## RECORDS FOR THE EXERCISE

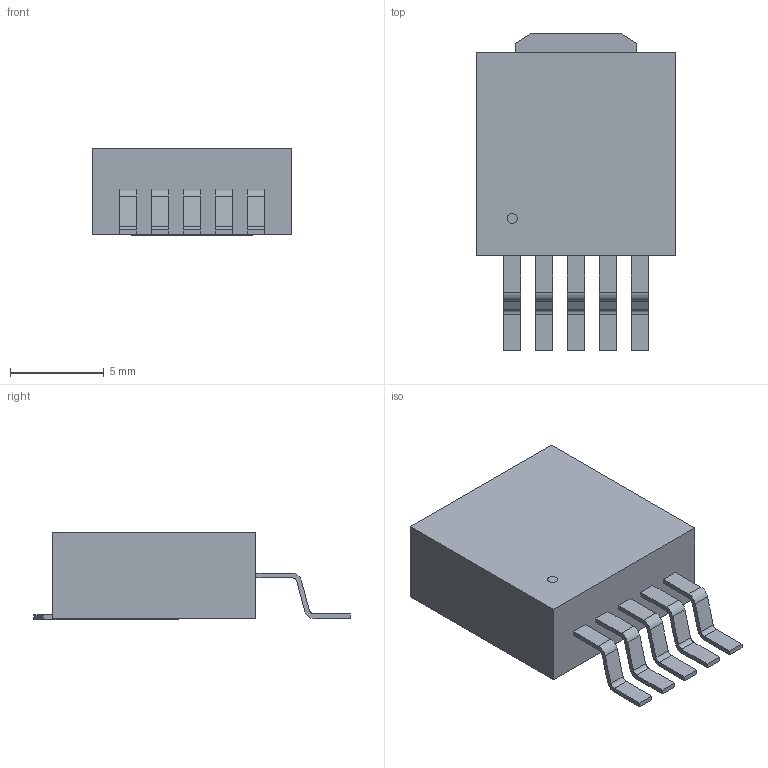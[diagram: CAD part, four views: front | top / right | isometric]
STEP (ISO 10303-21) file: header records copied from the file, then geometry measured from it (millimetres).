
FILE_DESCRIPTION(('STEP AP214'),'1');
FILE_NAME('TO-263-5_MCH-M','2020-07-03T08:28:08',(''),(''),'','','');
FILE_SCHEMA(('AUTOMOTIVE_DESIGN'));
Length unit declared in the file: millimetre
Products named in the file (1): product
Bounding box: 10.67 x 16.89 x 4.65 mm (x, y, z)
Volume: 542.9 mm3; surface area: 599 mm2
Topology: 8 solids, 8 shells, 95 faces, 237 edges, 158 vertices
Faces by surface type: plane 74, cylinder 21
Full cylindrical faces by diameter (mm): 0.533 x1
Entity records: 2730 total; most frequent: DIRECTION 472, ORIENTED_EDGE 472, CARTESIAN_POINT 277, EDGE_CURVE 236, LINE 194, VECTOR 194, VERTEX_POINT 158, AXIS2_PLACEMENT_3D 139

## HOW TO COMPLETE THIS TASK
Go through the listing above and write it all out exactly, leaving out any picture.

## RESPONSE BOX
[diagram: CAD part, four views: front | top / right | isometric]
STEP (ISO 10303-21) file: header records copied from the file, then geometry measured from it (millimetres).
FILE_DESCRIPTION(('STEP AP214'),'1');
FILE_NAME('TO-263-5_MCH-M','2020-07-03T08:28:08',(''),(''),'','','');
FILE_SCHEMA(('AUTOMOTIVE_DESIGN'));
Length unit declared in the file: millimetre
Products named in the file (1): product
Bounding box: 10.67 x 16.89 x 4.65 mm (x, y, z)
Volume: 542.9 mm3; surface area: 599 mm2
Topology: 8 solids, 8 shells, 95 faces, 237 edges, 158 vertices
Faces by surface type: plane 74, cylinder 21
Full cylindrical faces by diameter (mm): 0.533 x1
Entity records: 2730 total; most frequent: DIRECTION 472, ORIENTED_EDGE 472, CARTESIAN_POINT 277, EDGE_CURVE 236, LINE 194, VECTOR 194, VERTEX_POINT 158, AXIS2_PLACEMENT_3D 139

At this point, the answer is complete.